The impact of latent cooling processes on tropical cyclogenesis and intensity fluctuations

The impact of latent cooling processes on tropical cyclones is investigated by sensitivity simulations with both the axisymmetric cloud-resolving model HURMOD and the fully three-dimensional COSMO model of the German Weather Service. The models are initialized with an idealized axisymmetric cyclone embedded in a convectively unstable atmosphere at rest where convection is triggered by temperature and moisture anomalies.

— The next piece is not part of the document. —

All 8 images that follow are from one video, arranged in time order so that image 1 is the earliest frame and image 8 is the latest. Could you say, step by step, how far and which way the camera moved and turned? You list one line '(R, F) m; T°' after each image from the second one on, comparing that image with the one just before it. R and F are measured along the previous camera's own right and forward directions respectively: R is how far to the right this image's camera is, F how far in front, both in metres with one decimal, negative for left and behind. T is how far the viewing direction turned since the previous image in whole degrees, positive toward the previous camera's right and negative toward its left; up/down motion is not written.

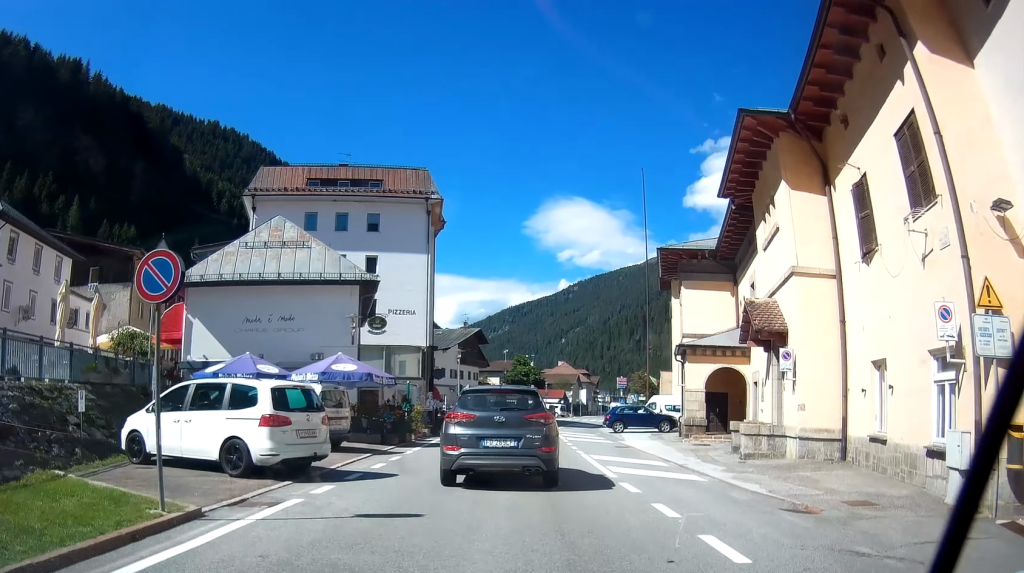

While growth rate and maximum wind speeds become largest in simulations without latent cooling processes, the presence of these processes turns out to be responsible for a delayed development of the tropical cyclone. The latter result is in better accordance with observations. Furthermore, intensity fluctuations of the mature tropical cyclone only occur in HURMOD with latent cooling processes. An analysis of CAPE, CIN and DCAPE reveals that convection outside the eyewall explains these intensity fluctuations by mixing low-entropy air into the boundary layer, while without latent cooling processes significant convective inhibition due to drying by absence of evaporation and cyclone-scale subsidence suppresses vertical mixing. The results by HURMOD and COSMO agree with the exception that small intensity fluctuations still occur in COSMO for the case without latent cooling. These seem to be related to deviations from axisymmetry. A theory for maximum potential intensity should focus on axisymmetric tropical cyclone simulations in which latent cooling is neglected because in this case the cyclone is nearly stationary, has a simple structure and has the largest intensity.